→ **Your objective**: Give all the lines below again, exactly, with no pictures.

(Records excerpted from a collection)
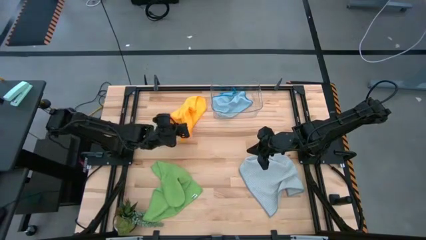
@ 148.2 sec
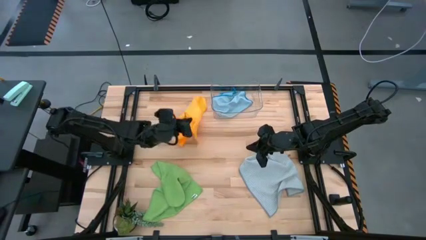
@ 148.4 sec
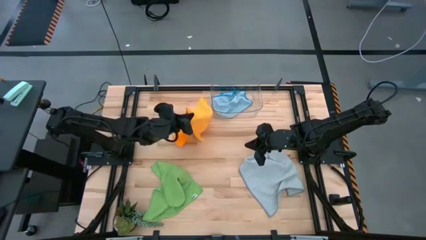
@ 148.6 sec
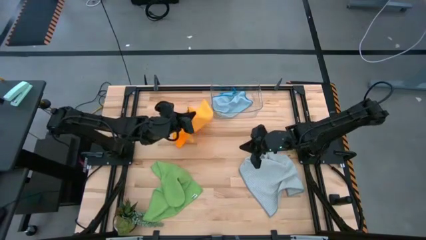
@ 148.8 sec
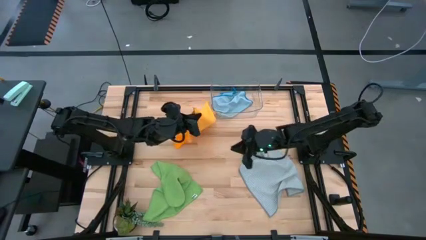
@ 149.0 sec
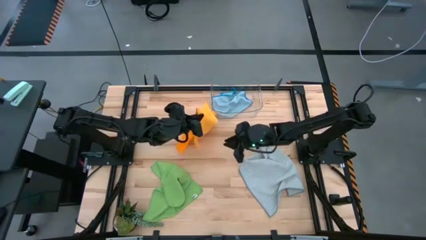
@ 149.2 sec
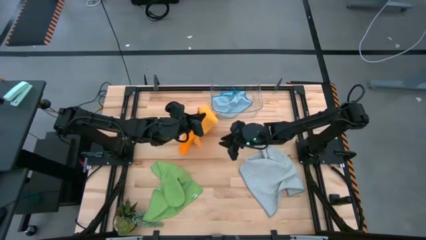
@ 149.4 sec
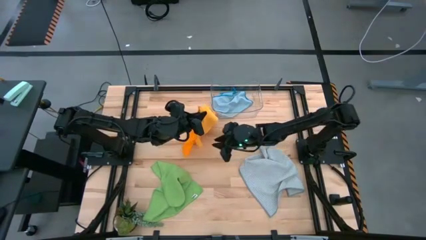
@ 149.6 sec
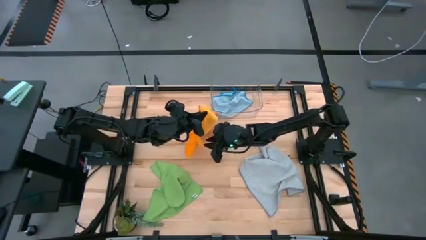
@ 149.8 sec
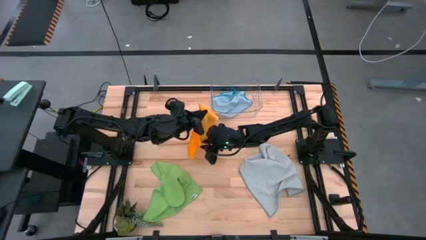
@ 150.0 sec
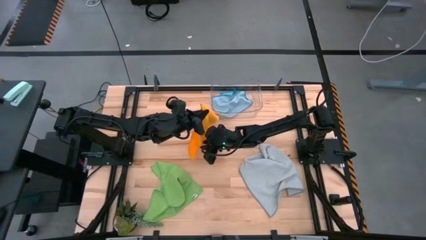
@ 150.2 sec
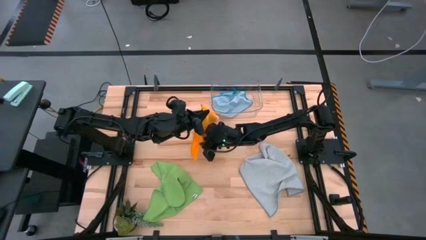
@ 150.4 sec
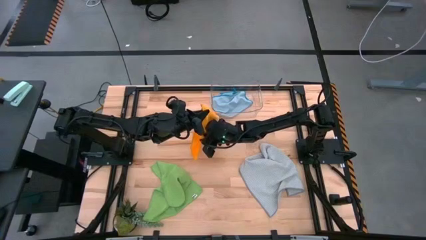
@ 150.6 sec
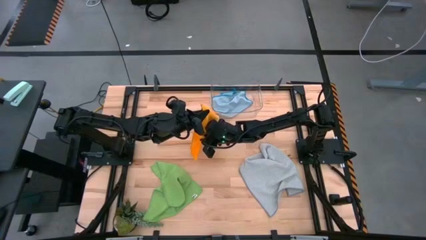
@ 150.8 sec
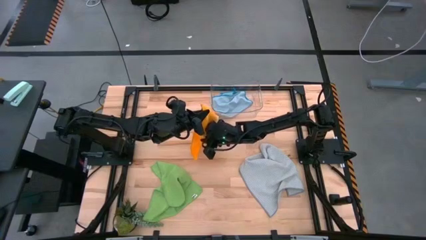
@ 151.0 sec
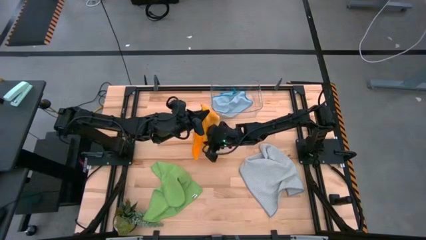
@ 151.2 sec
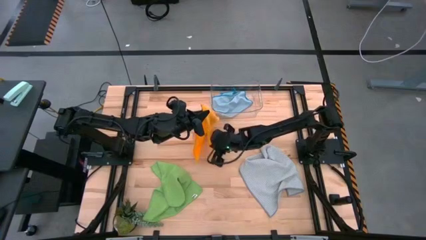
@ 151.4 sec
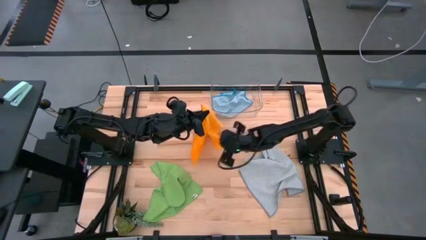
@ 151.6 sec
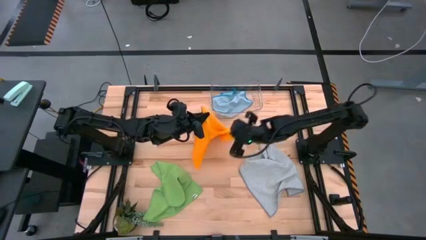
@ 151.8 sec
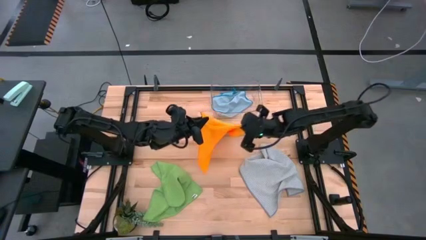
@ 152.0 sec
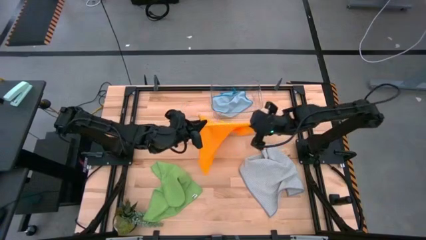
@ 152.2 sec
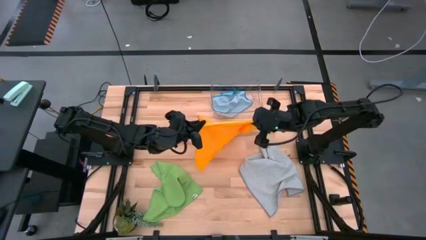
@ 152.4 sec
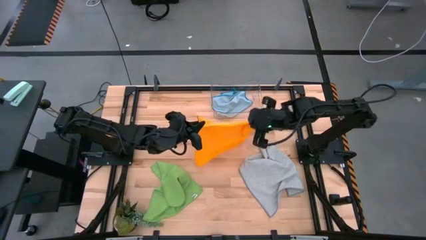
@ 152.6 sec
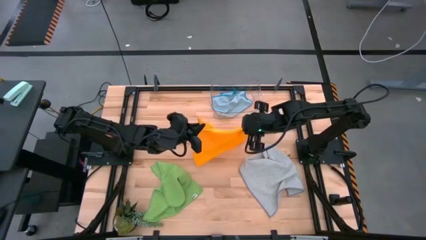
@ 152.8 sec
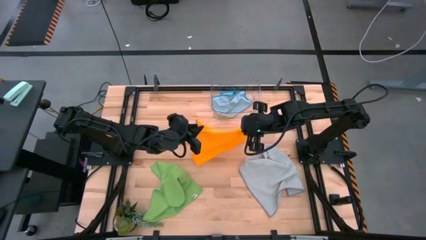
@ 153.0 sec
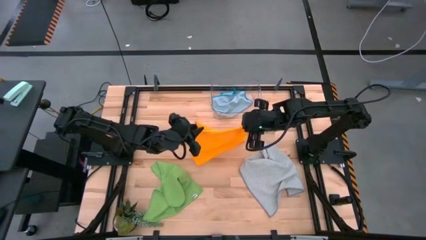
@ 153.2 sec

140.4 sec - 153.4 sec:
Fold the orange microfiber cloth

→ **Response to this task**:
@ 148.2 sec
@ 148.4 sec
@ 148.6 sec
@ 148.8 sec
@ 149.0 sec
@ 149.2 sec
@ 149.4 sec
@ 149.6 sec
@ 149.8 sec
@ 150.0 sec
@ 150.2 sec
@ 150.4 sec
@ 150.6 sec
@ 150.8 sec
@ 151.0 sec
@ 151.2 sec
@ 151.4 sec
@ 151.6 sec
@ 151.8 sec
@ 152.0 sec
@ 152.2 sec
@ 152.4 sec
@ 152.6 sec
@ 152.8 sec
@ 153.0 sec
@ 153.2 sec

140.4 sec - 153.4 sec:
Fold the orange microfiber cloth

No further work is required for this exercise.